Moneybox

The Danger of Coddling Community Banks

A PNC bank building is seen on February 19, 2009 in Washington, DC.

Photo by KAREN BLEIER/AFP/Getty Images

Watching Ben Bernanke testify before the House Financial Services Committee it’s clear that lots of House members are eager to make sure that tighter regulation of the financial sector doesn’t lead to tighter regulation of community banks. This makes some sense, since the failure of any given small bank isn’t that big a deal. But there’s a potentially dangerous slippery slope here that Representative Steve Stivers (R-Ohio) rapidly illustrated when it came to be his turn to ask a question, where he opined that firms such as PNC Bank and US Bancorp should be considered a kind of community bank.
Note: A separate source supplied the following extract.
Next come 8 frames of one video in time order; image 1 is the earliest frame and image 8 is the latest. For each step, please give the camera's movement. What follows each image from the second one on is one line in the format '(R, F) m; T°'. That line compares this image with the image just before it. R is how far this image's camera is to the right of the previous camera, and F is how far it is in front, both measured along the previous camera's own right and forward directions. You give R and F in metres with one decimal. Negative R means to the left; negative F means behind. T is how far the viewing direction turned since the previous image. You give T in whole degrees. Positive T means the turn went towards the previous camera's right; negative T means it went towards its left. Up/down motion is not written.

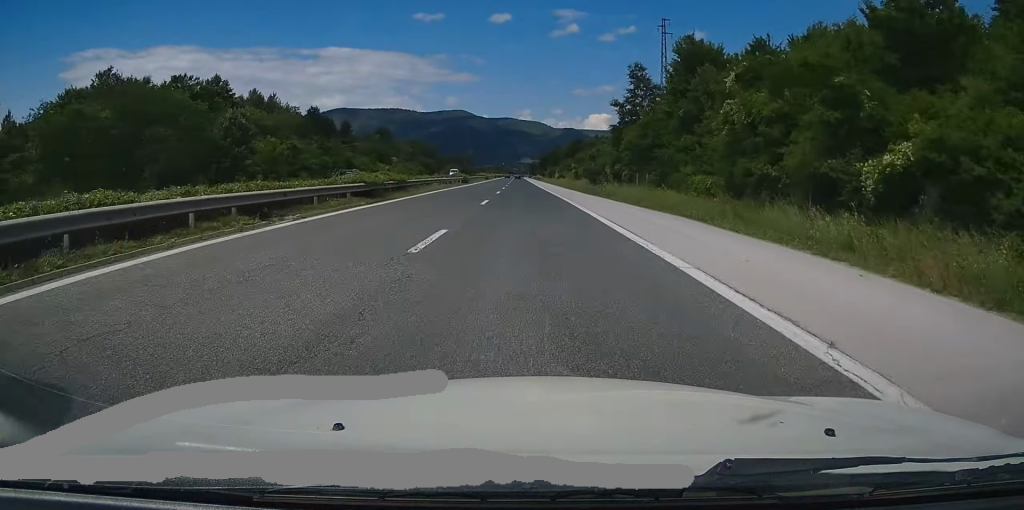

Those banks happen to operate in Ohio, but you could also put institutions such as HSBC, Capital One, TD Bank, and Suntrust in this mid-major category. Banks like this really are substantially smaller than a Wells Fargo or a Goldman Sachs. But on another level, this is nuts. These are giant banks, and I promise you that if PNC went bust it’d be a really big deal. Normally when a bank fails, the FDIC likes to arrange for it to be taken over by some other bank. But these mid-majors are large enough that they’d be hard for most firms to swallow. And would you really want one of them to be folded into one of the existing giant banks? At the same time, simply closing a bank of that scale would be both fiscally and economically costly.
Long story short, you need to regulate these banks just as much as you need to regulate the true giants. Since they tend not to be in as many different lines of business as the biggest banks, it’s perhaps simpler to regulate them. But you’ve got to watch the leverage here just as much as anyplace else.